This was always actually very good. When interrailing with kids it’s always good to know you can clarify some questions. I had a few queries which I emailed to firstname.lastname@example.org and received pretty immediate responses. Although I can’t say the same for Virgin trains, I emailed a couple of times to check the pass was valid on their route and they simply didn’t respond. I eventually gave up and sent them an Instagram message which unsurprisingly they responded to immediately. Pretty poor customer service to be honest but the result a resounding YES, Interrail passes are valid on Virgin Trains in the UK, hopefully you wont spend hours like I did looking for the answer.
On the Eurostar.
This was the first time we’ve all travelled by Eurostar and being the first day of the UK summer holidays, it’s been totally manic. It is however a great way to begin your interrailing with kids journey. As mentioned, the journey to St Pancreas was pretty frantic but also security and passport control took a lot longer than it should. As mentioned, we paid for first Class tickets which meant our Eurostar tickets were an extra £38 each on top (gulp). The carriage does seem worth it, big comfy seats, plenty of space for luggage, better toilets and table service.
Unfortunately the wifi was not working which means no promised entertainment package, no keeping the kids busy with a bit of Youtube and no posting of this blog, I’ll have to do that tonight when everyone’s asleep. The food was ok, pretty small portions and with only one choice left by the time they reached us, all the veggie options had gone which I thought was pretty poor. And there was no kids food available so Piper didn’t really eat.
Train Travel Kit for interrailing with kids you’ll need before you go
Before we left home I knew I wanted to get Piper excited about all the different trains we would be traveling in. So headed over to Amazon to check for some kid friendly train books. We ended up with the National Geographic book on trains and the super cute My Trains Activity and Sticker Book both were under a fiver and she gobbled them up!
To keep Piper entertained on board I bought heaps of activities she could do while seated, on top of the usual ipad (with kid friendly headphones) and activity books, I packed a couple of small boxes of lego and a Tupperware container to keep the little pieces in. That way she could build each individual design and then combine all the pieces to create her own builds.
Easy travel games for interrailing with kids
We took a pack of UNO cards as this is a family game we really enjoy at home and some Top Trumps, Harry Potter edition for us but you could choose whatever your child is in to, I love the new David Walliams version! This fab storage case came with us to keep all the cards together.

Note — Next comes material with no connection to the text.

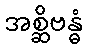
အစ္ဆိဗန္ဓံ
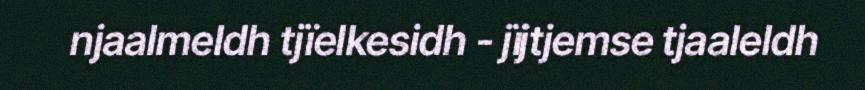
njaalmeldh tjïelkesidh - jïjtjemse tjaaleldh

Finally for entertainment I packed our two favourite travel games which will keep all our brains ticking over during the long train journeys. Shut the Box for practicing our math and Bananagrams for our English.
For comfort when interrailing with kids
A final thought on Interrailing with kids.
So here we are, the first leg of our European adventure is well on the way and. Yes, it totally has been the hardest holiday I’ve ever planned but I’m really hoping it’s worth it. Would I do it again? Hmmm probably not during school holidays with a tight and inflexible schedule. I would rather not have to make reservations. Although this has felt essential being with a seven year old, not wanting to miss any trains or hotel reservations.
If you’re flexible, not constrained by time and have no fixed hotel reservations I think this could be a great way to see Europe. Especially as kids are free and Youths get such a great discount. I hate flying and the Eurostar, regardless of the missing food, broken Wifi is just so much easier.
If you do fancy giving it a go, you need to love planning and maps and holiday spreadsheets. But once you get into it, the possibilities are endless. Just make sure you’ve researched your Interrailing with kids route first. And worked out how much it would cost you to book the train journeys individually.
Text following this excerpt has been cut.